= Jamie B. Stewart =

American businessman

Jamie B. Stewart, Jr. was previously President and CEO of the Federal Farm Credit Banks Funding Corporation, based in Jersey City, NJ., since January 2004.

Prior to joining FFCBFC, Stewart was first vice president of the Federal Reserve Bank of New York from January 1999 to January 2004. During a portion of his tenure with the Fed, there was no president of this branch of the Federal Reserve due to the resignation of William J. McDonough in 2003. McDonough was not replaced until November 2003, at which point he was succeeded by Timothy Geithner. (Geithner later became the Secretary of the Treasury under President Barack Obama.) Due to this situation, Stewart served as acting governor from June through December 2003, and had voting rights on the Federal Open Market Committee, which was headed at that time by Alan Greenspan.

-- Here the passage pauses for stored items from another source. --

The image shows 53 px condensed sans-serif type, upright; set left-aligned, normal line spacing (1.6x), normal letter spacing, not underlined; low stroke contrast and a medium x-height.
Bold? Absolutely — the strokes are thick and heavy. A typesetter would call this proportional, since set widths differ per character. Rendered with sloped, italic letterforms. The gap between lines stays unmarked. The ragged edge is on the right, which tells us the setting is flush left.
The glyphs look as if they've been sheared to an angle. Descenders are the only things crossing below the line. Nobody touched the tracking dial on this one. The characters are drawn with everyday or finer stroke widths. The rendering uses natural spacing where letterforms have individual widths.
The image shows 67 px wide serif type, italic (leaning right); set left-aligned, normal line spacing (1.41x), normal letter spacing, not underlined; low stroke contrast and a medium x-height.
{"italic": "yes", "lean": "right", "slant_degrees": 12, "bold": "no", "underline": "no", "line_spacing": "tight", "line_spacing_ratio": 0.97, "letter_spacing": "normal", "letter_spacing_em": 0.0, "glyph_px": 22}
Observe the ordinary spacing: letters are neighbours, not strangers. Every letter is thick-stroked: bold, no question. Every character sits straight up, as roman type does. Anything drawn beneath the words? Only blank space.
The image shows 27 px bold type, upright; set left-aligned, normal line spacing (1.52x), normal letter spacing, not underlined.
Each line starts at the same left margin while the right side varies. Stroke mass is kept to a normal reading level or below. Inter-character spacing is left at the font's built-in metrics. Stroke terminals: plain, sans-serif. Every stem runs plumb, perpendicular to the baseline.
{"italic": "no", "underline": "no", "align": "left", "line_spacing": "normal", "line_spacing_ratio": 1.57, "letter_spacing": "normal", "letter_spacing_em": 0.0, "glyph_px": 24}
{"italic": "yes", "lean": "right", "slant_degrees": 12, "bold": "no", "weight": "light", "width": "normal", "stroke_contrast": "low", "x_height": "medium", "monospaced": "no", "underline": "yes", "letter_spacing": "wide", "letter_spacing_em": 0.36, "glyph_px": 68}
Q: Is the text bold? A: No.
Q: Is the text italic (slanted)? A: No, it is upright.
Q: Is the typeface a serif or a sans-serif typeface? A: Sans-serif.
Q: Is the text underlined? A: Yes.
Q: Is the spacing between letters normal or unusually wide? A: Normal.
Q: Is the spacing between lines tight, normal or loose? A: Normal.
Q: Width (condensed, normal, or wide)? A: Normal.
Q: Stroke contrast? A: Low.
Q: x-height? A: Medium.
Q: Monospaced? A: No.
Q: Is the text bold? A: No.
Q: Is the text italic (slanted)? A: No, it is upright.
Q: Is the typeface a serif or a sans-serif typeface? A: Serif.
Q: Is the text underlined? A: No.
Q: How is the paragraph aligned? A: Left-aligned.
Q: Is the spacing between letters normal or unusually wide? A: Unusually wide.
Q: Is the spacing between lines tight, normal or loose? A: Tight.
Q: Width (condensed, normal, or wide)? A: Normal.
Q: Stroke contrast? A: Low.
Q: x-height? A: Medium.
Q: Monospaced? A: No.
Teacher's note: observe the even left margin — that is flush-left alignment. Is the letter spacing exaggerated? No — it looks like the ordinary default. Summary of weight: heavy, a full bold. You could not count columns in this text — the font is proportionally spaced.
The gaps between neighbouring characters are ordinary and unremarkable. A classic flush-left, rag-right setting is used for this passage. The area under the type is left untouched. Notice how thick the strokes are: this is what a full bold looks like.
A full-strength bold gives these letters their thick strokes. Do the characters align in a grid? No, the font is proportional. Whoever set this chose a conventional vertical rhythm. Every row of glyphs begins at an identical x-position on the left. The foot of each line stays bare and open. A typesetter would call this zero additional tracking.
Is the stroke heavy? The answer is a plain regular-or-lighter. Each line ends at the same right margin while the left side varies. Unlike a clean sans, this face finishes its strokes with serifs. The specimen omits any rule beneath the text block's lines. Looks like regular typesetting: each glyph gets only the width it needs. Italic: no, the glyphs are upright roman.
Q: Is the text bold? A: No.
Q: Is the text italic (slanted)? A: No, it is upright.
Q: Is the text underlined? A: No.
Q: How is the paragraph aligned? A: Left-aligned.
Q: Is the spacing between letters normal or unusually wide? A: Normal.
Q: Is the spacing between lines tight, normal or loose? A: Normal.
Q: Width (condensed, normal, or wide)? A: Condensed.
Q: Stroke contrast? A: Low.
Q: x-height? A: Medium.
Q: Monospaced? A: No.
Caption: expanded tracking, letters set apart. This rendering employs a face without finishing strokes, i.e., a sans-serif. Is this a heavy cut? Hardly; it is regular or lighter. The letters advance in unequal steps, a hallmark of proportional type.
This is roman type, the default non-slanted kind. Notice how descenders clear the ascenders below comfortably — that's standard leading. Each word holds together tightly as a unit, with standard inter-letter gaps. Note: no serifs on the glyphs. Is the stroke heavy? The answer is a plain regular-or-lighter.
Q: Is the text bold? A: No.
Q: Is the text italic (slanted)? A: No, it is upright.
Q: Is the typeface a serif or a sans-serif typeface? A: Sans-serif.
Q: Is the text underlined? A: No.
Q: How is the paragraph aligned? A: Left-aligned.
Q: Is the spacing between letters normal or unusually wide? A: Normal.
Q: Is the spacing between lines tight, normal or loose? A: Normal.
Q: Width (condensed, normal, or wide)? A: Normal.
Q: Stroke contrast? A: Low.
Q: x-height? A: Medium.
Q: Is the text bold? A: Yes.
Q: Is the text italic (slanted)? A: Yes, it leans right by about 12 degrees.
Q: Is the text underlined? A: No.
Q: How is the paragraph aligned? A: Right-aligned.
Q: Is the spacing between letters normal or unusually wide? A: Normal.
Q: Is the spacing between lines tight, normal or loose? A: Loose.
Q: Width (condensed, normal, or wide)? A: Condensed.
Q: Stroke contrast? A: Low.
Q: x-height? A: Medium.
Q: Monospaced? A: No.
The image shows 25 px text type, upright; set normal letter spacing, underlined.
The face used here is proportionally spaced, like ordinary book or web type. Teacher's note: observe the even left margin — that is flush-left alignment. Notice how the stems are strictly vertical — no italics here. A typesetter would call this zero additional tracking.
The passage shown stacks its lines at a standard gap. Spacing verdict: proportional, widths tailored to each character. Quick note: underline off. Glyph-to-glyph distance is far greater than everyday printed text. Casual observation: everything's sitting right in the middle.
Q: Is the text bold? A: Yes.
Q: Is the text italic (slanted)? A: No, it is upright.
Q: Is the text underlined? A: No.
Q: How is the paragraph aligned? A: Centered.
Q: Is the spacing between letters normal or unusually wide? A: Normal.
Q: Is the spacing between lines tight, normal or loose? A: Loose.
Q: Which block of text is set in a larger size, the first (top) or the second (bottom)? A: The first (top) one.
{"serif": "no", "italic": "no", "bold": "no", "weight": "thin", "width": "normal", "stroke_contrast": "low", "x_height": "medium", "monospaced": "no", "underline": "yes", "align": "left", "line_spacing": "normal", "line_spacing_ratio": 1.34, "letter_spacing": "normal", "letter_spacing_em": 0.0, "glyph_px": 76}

Stewart was instrumental in guiding the Federal Reserve Bank of New York through the banking crisis surrounding the terrorist attacks of September 11, 2001, which caused a temporary liquidity crisis in the U.S. banking system.

Jamie B. Stewart started his professional career with the United States Navy as a surface line officer from 1966-1970. Stewart received a B.A. in French from Dartmouth College in 1966, a M.B.A. from Harvard Business School in 1972, and a J.D. from Suffolk Law School in Boston in 1980. In the following years, his career path took him from the Bank of Boston to Bank of America to Crocker National Bank (San Francisco) to Mellon Bank, where he served as vice chairman, with responsibility for overall wholesale banking, international operations and cash management activities.

Stewart resides in Brooklyn, NY, with his wife, Deborah.